Stored data:
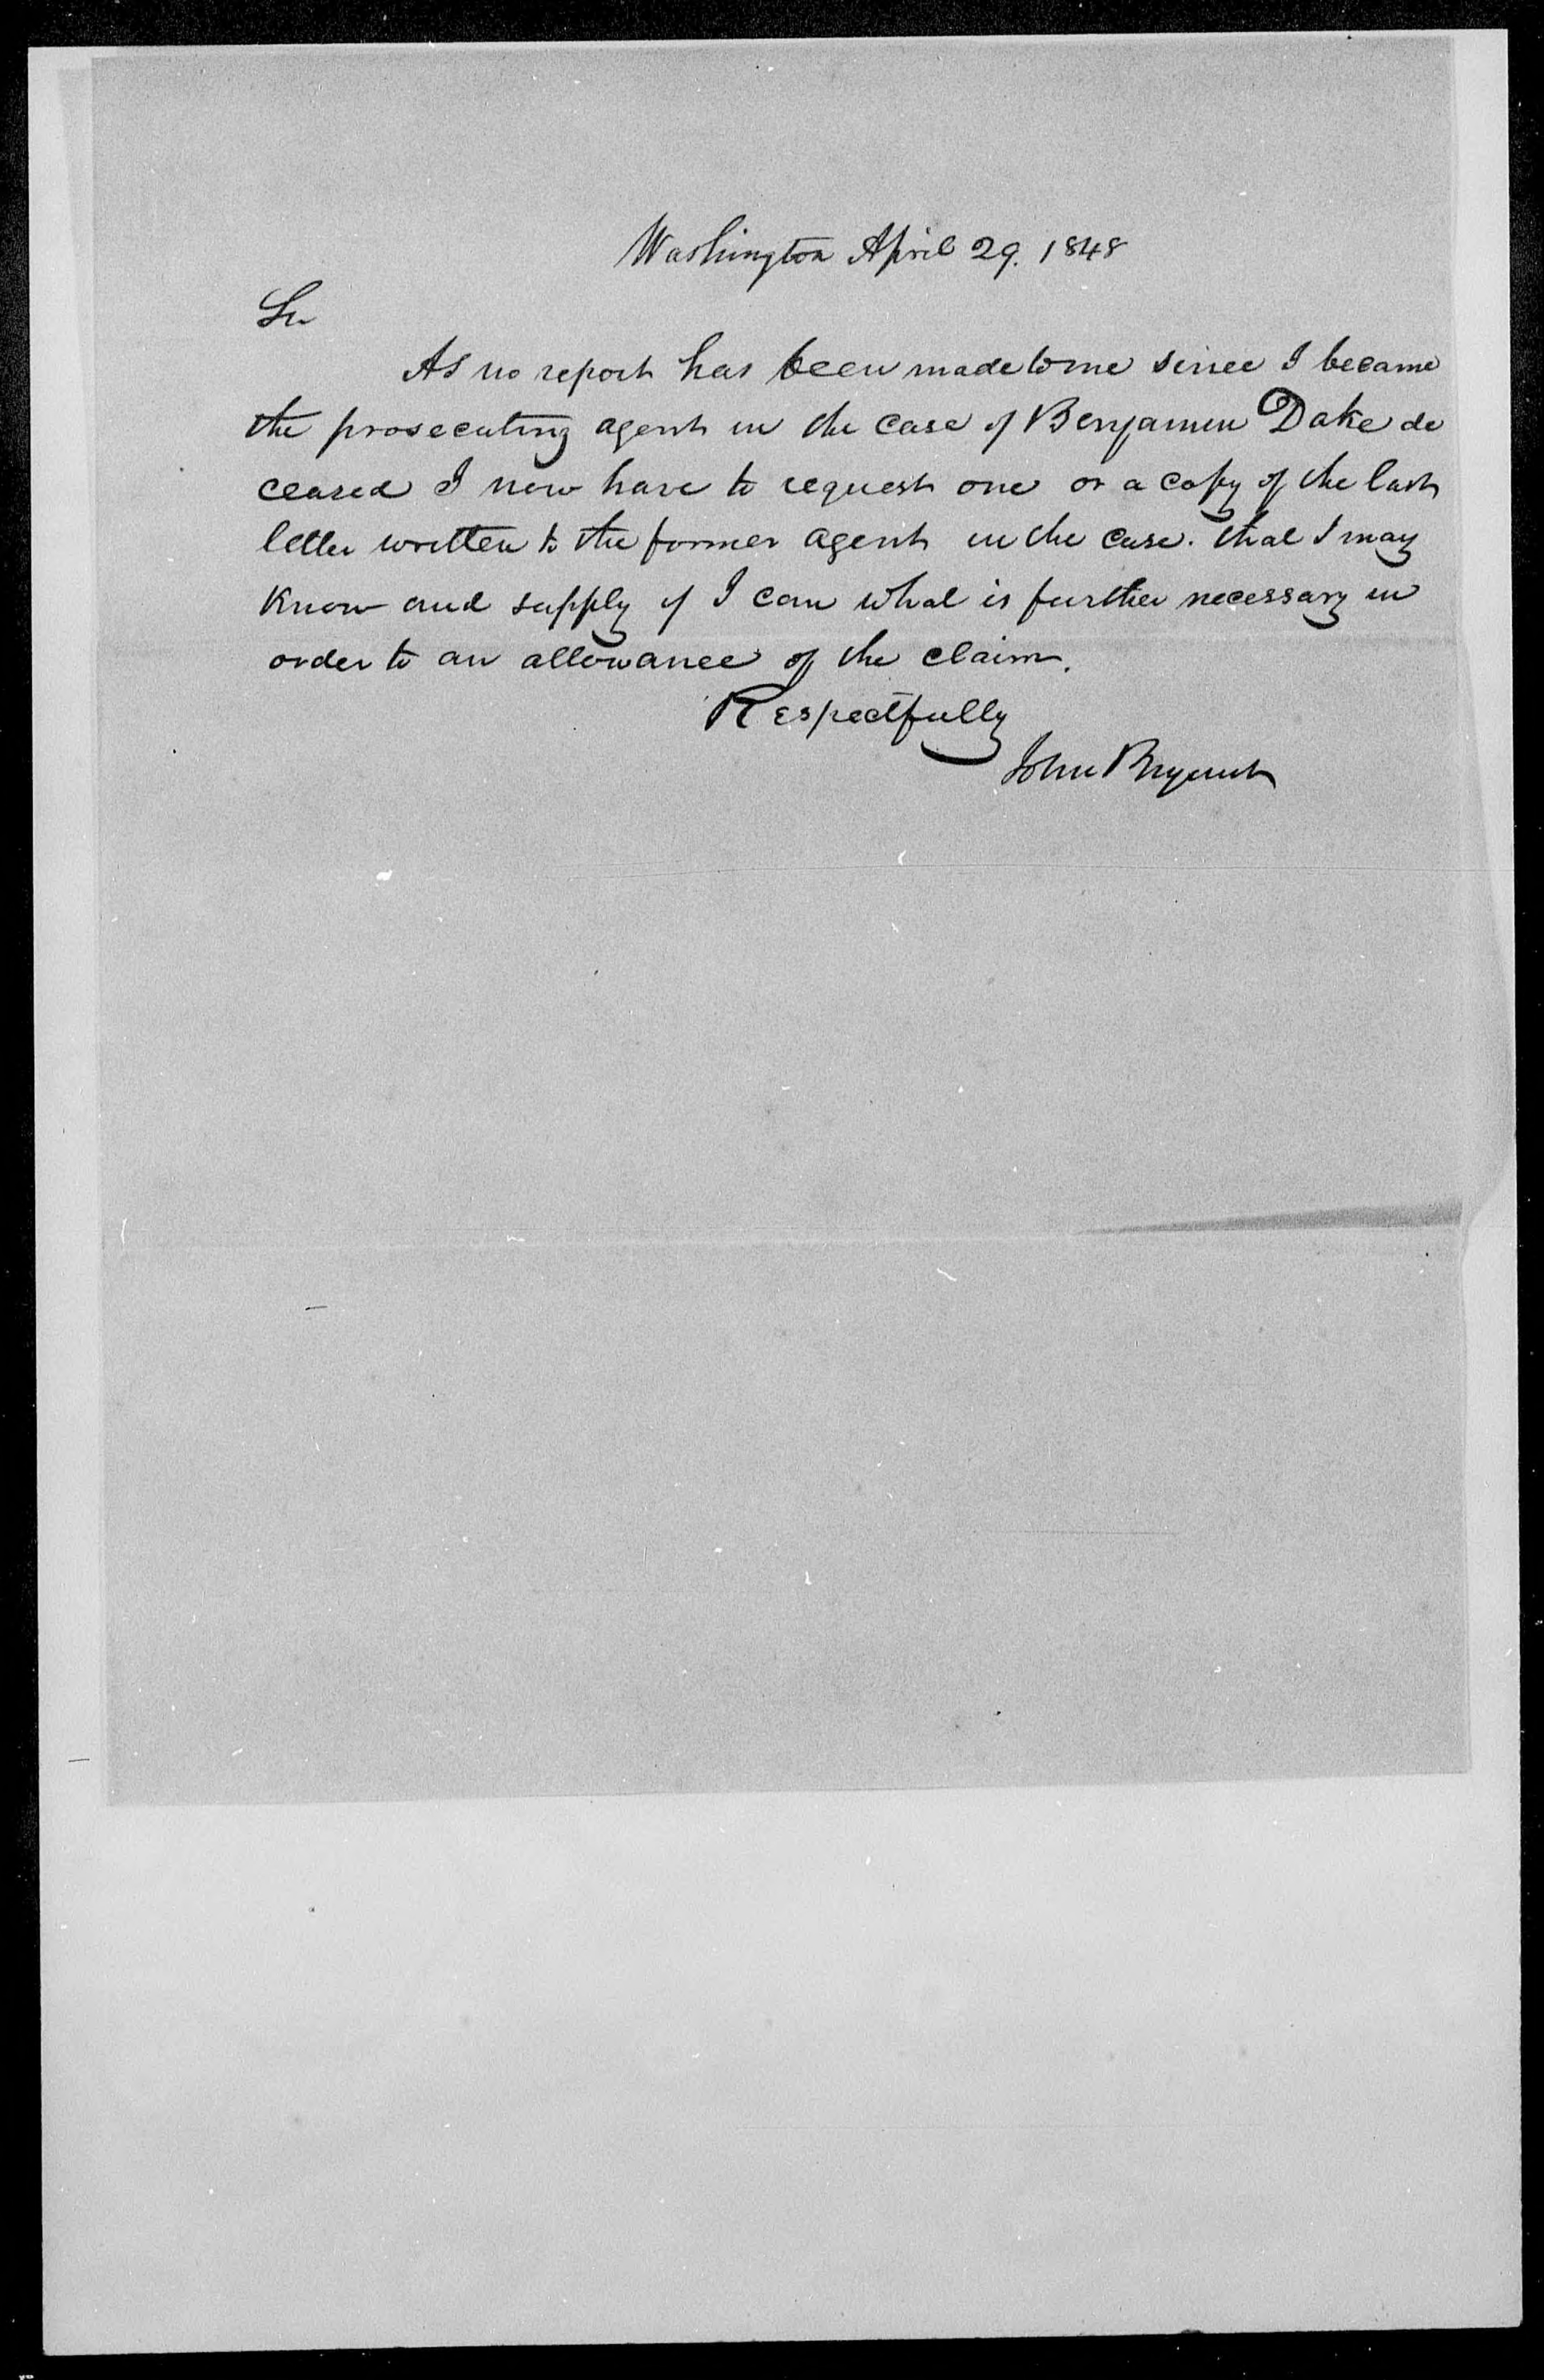Washington April 29 1848 Sir As no report has been made to me since I became prosecuting agent in the case of Benjamin Dake deceased I now have to request one or a copy of the last letter written to the former agent in the case. That I may know and supply if I can what is further necessary in order to an allowance of the claim. Respectfully John Bryant

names: John Bryant, Benjamin Dake
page: 28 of 42
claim: rejected
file: R. 2,625, Benjamin Dake, R.I.

* [Activity] Beginning with the line that contains "names: John Bryant, Benjamin Dake", set down every line through the end of the data without change.

* [Solution to this exercise]
names: John Bryant, Benjamin Dake
page: 28 of 42
claim: rejected
file: R. 2,625, Benjamin Dake, R.I.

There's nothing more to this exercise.